# mcat 2010 policy



## maheen (Aug 3, 2009)

The uhs website says that the mcat is necessary for private med schools in punjab too. Is that true?
I know that cmh requires it, but dont the rest of the private colleges have thier own tests? 
Can somebody please tell me whether Shifa requires applicants to pass the mcat other that its own entrance test too. And what about nust(AMC) and LMDC and stuff?
Could somebody please tell me the names of the private colleges which require the mcat too?
Im just really confused. I dont think I can make it into a govt college because theres too much competition and you need to do good on the mcat AND a levels. And last year barely anyone who took the non fsc mcat got in. Because the nust test is just 3 days before the mcat, i was thinking that ill just study hard for all the private med school tests. But then this new news came that private med schools also require the mcat :S
Im really confused and i didnt find any reference to this on the shifa, lmdc or nust website.
Please reply to this as soon as you guys can and provide me with some RELIABLE info. Because i really am on the verge of ditching the mcat and studying smoothly for the AMC test.

p.s: Whats the mcat weightege in govt schools? 30 percent?


----------



## missakhwand (Jul 8, 2008)

Not all medical schools require the test. Medical universities outside Punjab(like those located in Islamabad) like Shifa do not require the test.
Those universities that are affiliated to UHS require you to just pass the test at 60%
Some of these private universities are;
Lahore Medical and Dental College(LMDC)
Shareef Mediacal and Dental College(SMDC)
University Medical and Dental College Faisalabad
Multan Medical and Dental College
Combined Millitary Hospital College( CMH)
Fatima Memorial Hospital Medical and Dental College(FMH)
there might be others but I just know these...hope this helps...

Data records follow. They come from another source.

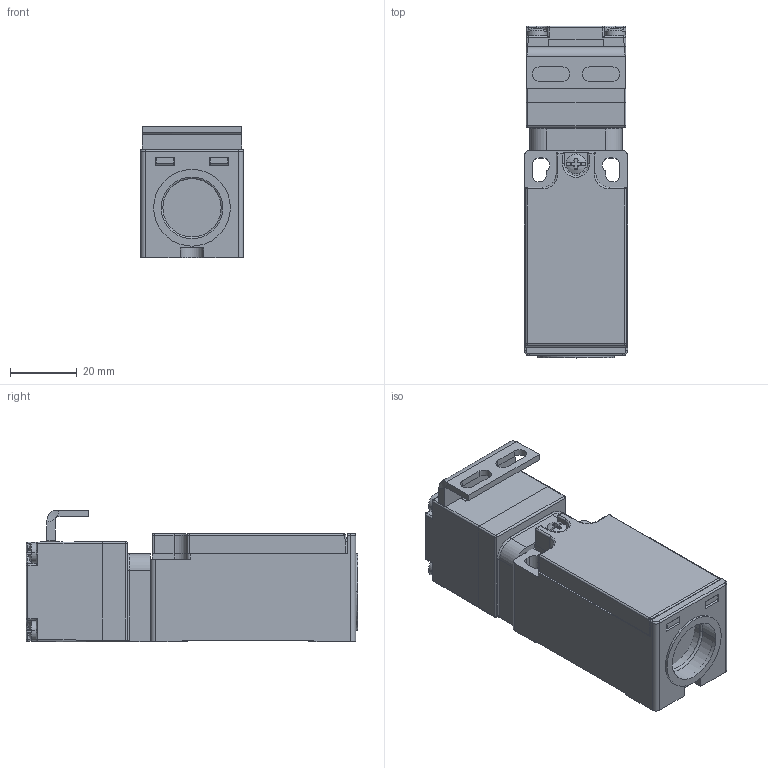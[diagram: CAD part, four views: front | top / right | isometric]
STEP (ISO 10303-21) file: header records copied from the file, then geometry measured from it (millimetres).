
FILE_DESCRIPTION((''),'2;1');
FILE_NAME('E100XXS5I_3D_ASM','2022-04-20T',('alessandro.buglione'),(''),'PRO/ENGINEER BY PARAMETRIC TECHNOLOGY CORPORATION, 2011080','PRO/ENGINEER BY PARAMETRIC TECHNOLOGY CORPORATION, 2011080','');
FILE_SCHEMA(('CONFIG_CONTROL_DESIGN'));
Products named in the file (35): 880028_PER_CLIENTE; S880032; Z12086; S880028; 220064_B; S880067; S880059_R2; S880063-001_123; S880027; S880024; S880053; 880267_ASM; 880201; 880723_PER_CLIENTE; 880193; 881360_PER_CLIENTE_ASM; 880223; 881543; 881544_PER_CLIENTE; 881554; 881545; 881556; 881541; 881542; 881551_AF0; 881546_PER_CLIENTE; 881547; 881553; 881540; 881712; 881555; 881560_PER_CLIENTE_ASM; 881548; 880186; E100XXS5I_3D_ASM
Assembly tree (53 placements, depth 3):
  E100XXS5I_3D_ASM
    880028_PER_CLIENTE
    880267_ASM
      S880032
      Z12086  x4
      S880028  x4
      220064_B  x4
      S880067
      S880059_R2
      S880063-001_123
      S880027  x2
      S880024  x4
      S880053
    880201
    881360_PER_CLIENTE_ASM
      880723_PER_CLIENTE
      880193
    880223
    881543
    881544_PER_CLIENTE
    881554  x4
    881560_PER_CLIENTE_ASM
      881545
      881556
      881541
      881542
      881551_AF0
      881546_PER_CLIENTE
      881547
      881553
      881540
      881712
      881555  x4
    881548
    880186
Bounding box: 31 x 99.61 x 39.5 mm (x, y, z)
Volume: 110206.3 mm3; surface area: 65883.6 mm2
Topology: 66 solids, 88 shells, 5081 faces, 13411 edges, 8614 vertices
Faces by surface type: plane 3385, cylinder 1104, cone 250, sphere 156, torus 148, bspline 38
Entity records: 133495 total; most frequent: CARTESIAN_POINT 32298, ORIENTED_EDGE 21354, DIRECTION 20105, EDGE_CURVE 10689, VECTOR 8473, LINE 8473, VERTEX_POINT 6917, AXIS2_PLACEMENT_3D 5816

Oh and yes the weight-age for the entry test is 30%


----------



## GaRfield (Feb 14, 2009)

@maheen King edward and F.J (Fatima Jinnah) and colleges affiliated to UHS like Nishtar, RMC, Govt sector colleges in punjab and private colleges like CMH, FMH, CONTINENTAL, SHARIF, SHALAMAR, AKHTAR, bla bla.. ALL will require you to pass the UHS test with 60% .

So the first condition is that you get 60% in UHS test. If you get 60% then you will be considered for govt colleges... they will then combine ur merit with ur fsc weightage and see what your merit is.. If its somewhere between 83 - 90 u have a chance at govt sector colleges.. However if your combined merit with the UHS test is less then 83% then you will have to try private colleges which will HOLD their OWN tests. THEY will only see if you got 60% in uhs test or not. If you got 60% then they will see your marks in their own tests that they will hold. Based on your fsc equivalent weightage and your private college test marks they will then select you based on how well your combined merit is. Passing the uhs test with 60% is just a condition for private colleges affiliated to uhs.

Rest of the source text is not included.